These records contain pictures, which must be left out; copy exactly the lines from the one with "main class: Woodland" up to and including the one with "latitude: 55.3475".

[Items from a dataset]

..............................

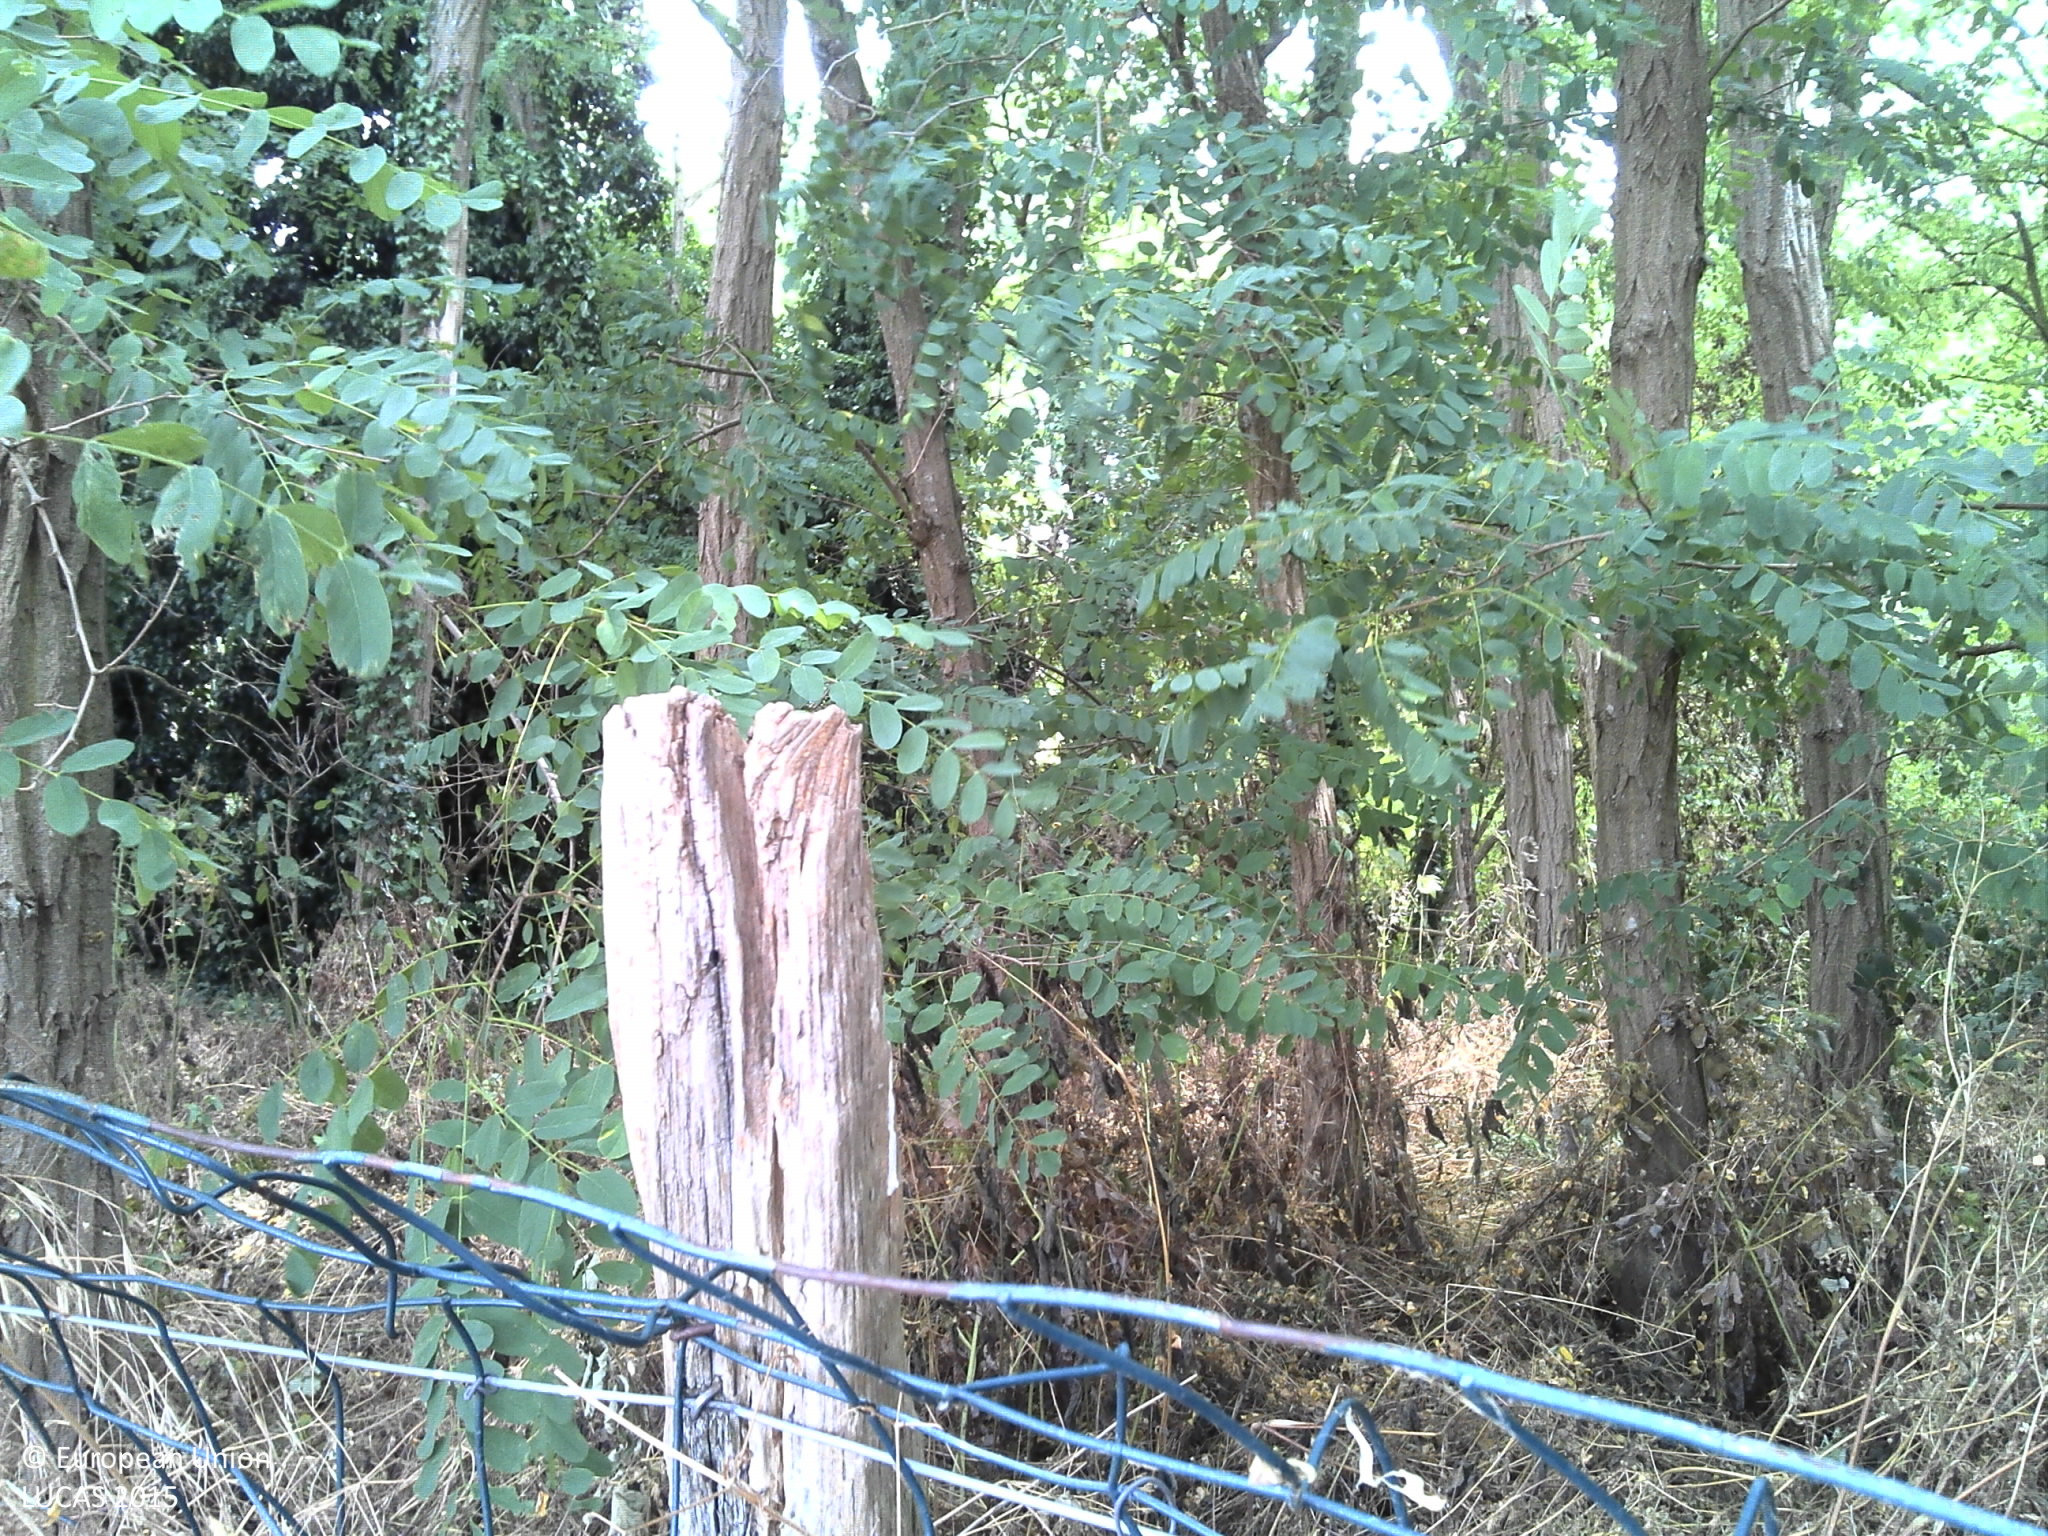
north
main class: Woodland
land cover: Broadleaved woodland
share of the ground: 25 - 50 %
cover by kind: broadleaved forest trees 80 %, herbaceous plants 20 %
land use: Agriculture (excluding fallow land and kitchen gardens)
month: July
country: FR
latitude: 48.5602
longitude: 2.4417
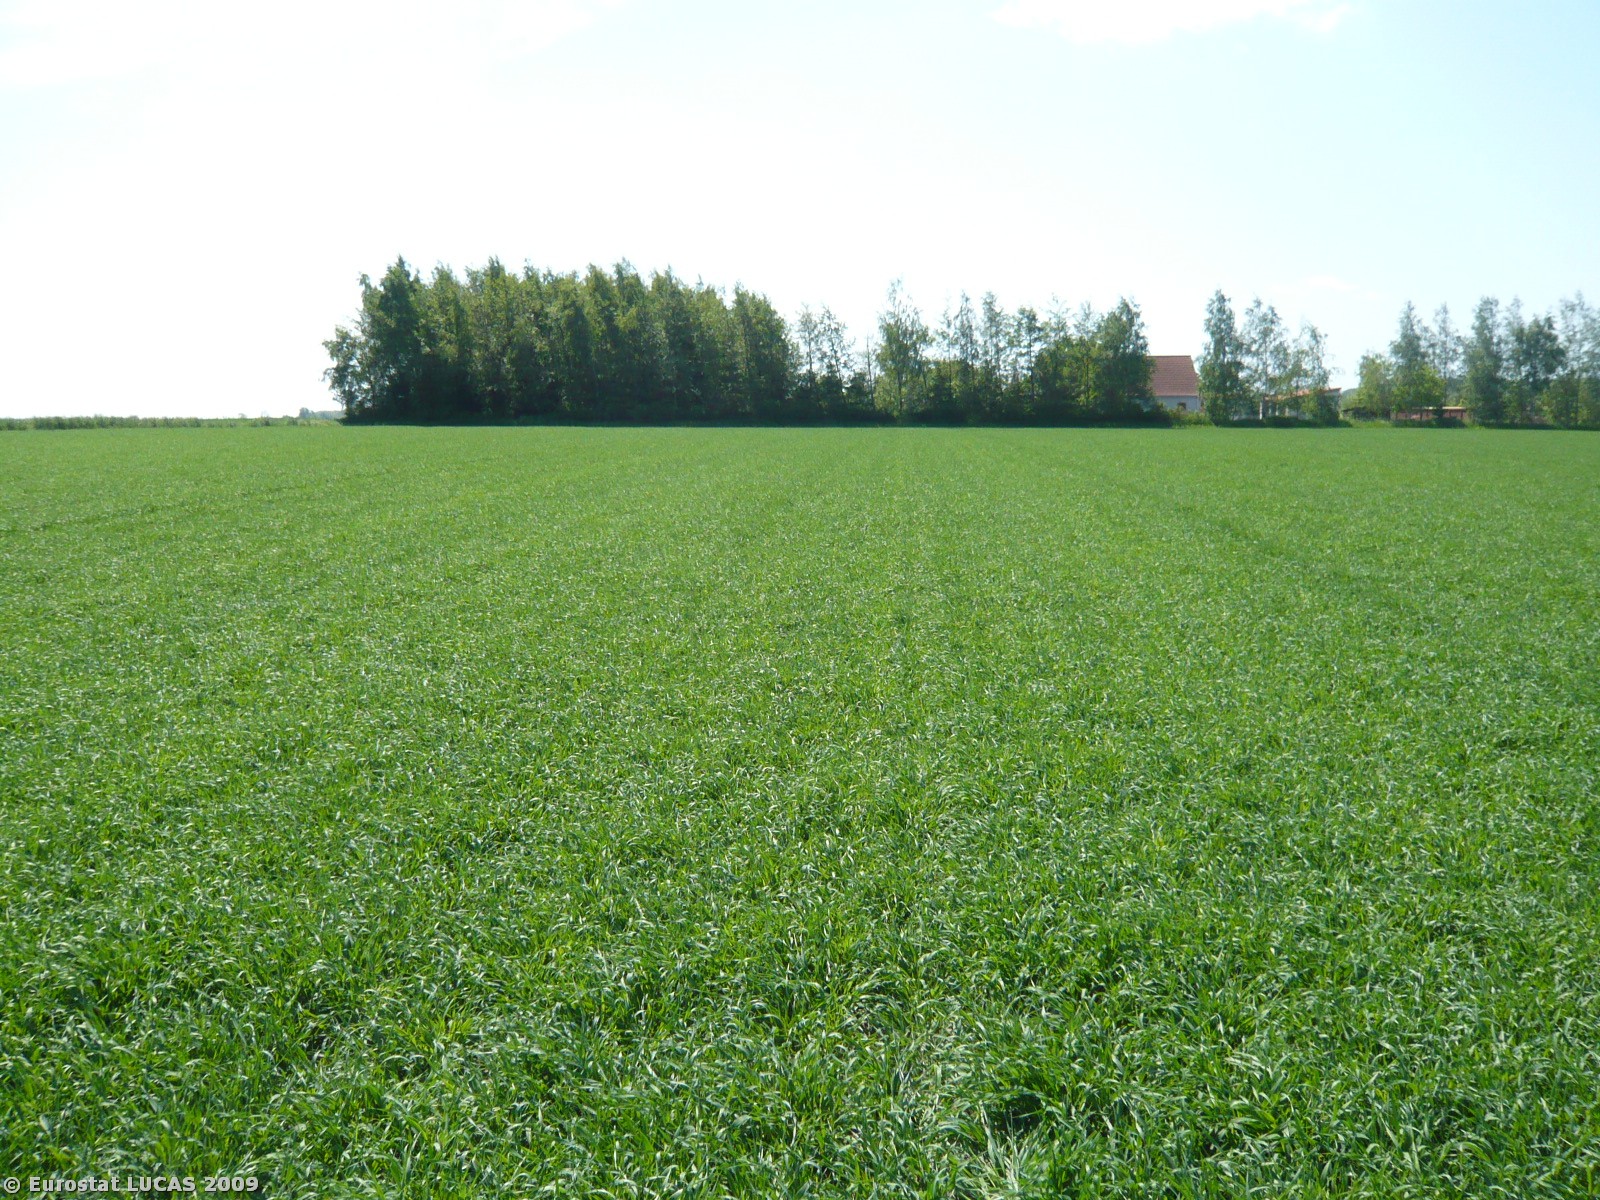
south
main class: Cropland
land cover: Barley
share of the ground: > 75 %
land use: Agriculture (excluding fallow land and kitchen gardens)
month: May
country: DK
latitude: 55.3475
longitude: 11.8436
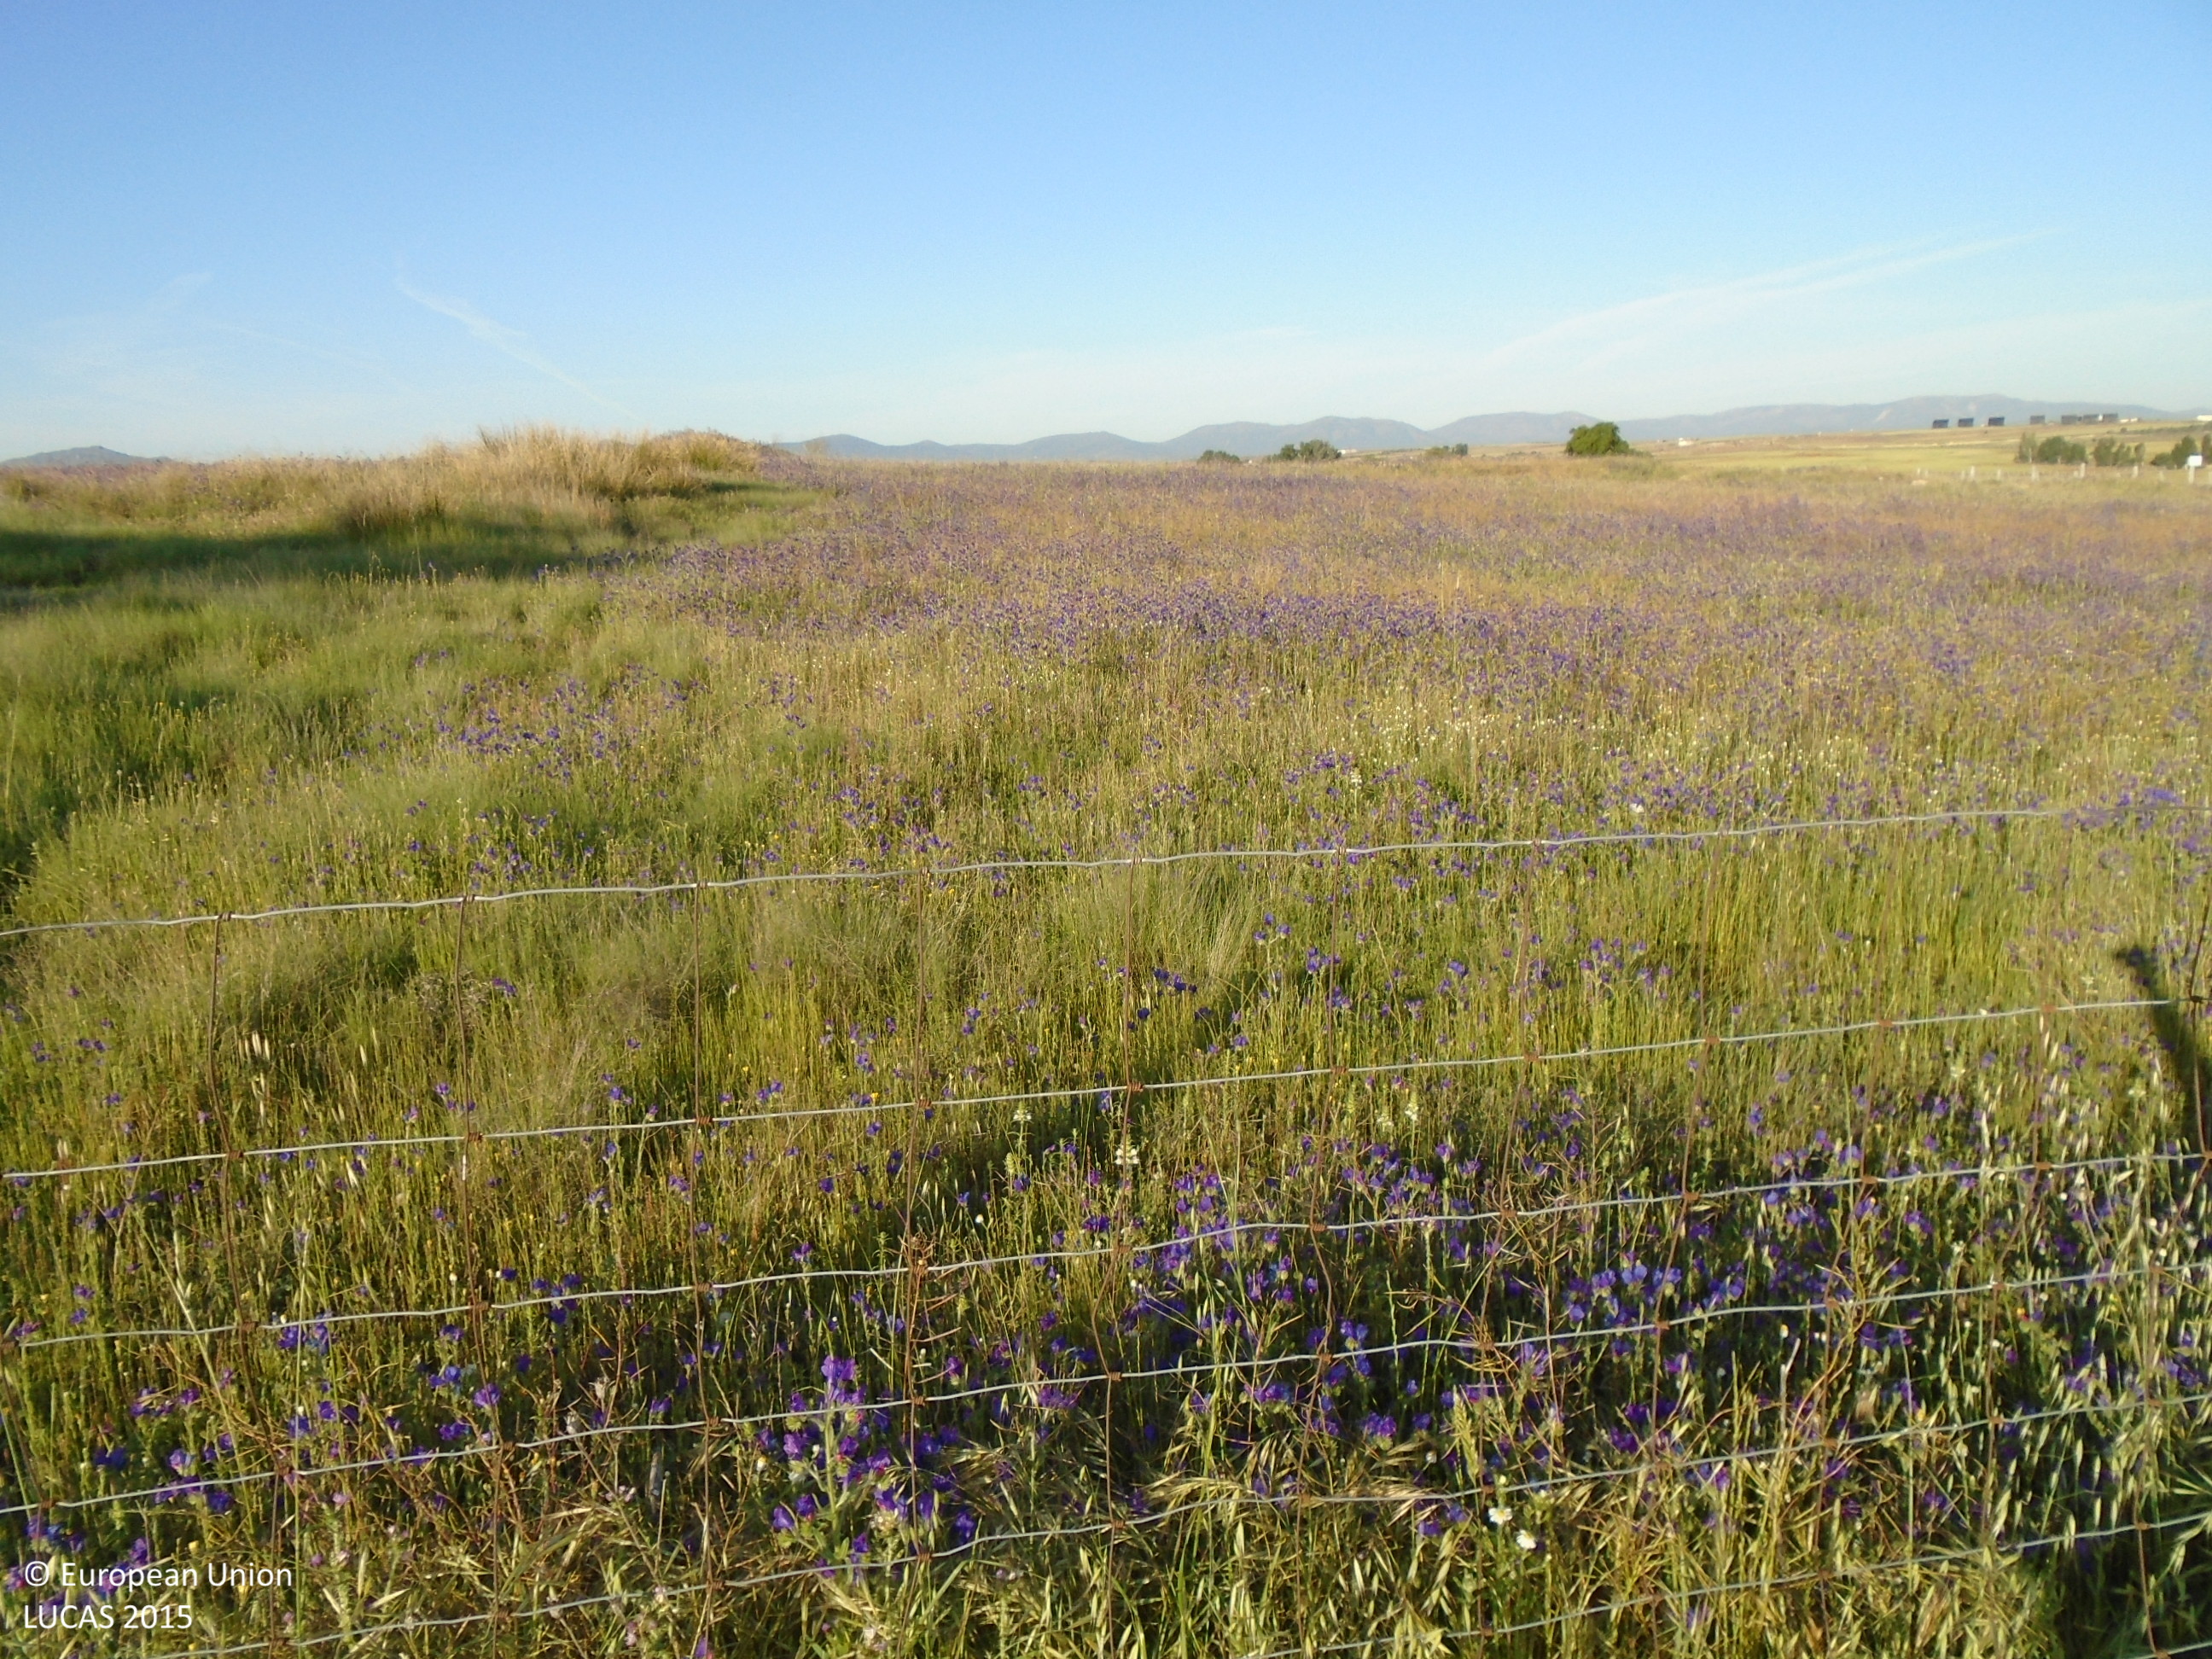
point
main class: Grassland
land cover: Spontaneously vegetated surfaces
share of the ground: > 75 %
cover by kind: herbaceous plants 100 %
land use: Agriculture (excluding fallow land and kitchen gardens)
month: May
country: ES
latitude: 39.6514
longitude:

..............................

(Response box):
main class: Woodland
land cover: Broadleaved woodland
share of the ground: 25 - 50 %
cover by kind: broadleaved forest trees 80 %, herbaceous plants 20 %
land use: Agriculture (excluding fallow land and kitchen gardens)
month: July
country: FR
latitude: 48.5602
longitude: 2.4417
south
main class: Cropland
land cover: Barley
share of the ground: > 75 %
land use: Agriculture (excluding fallow land and kitchen gardens)
month: May
country: DK
latitude: 55.3475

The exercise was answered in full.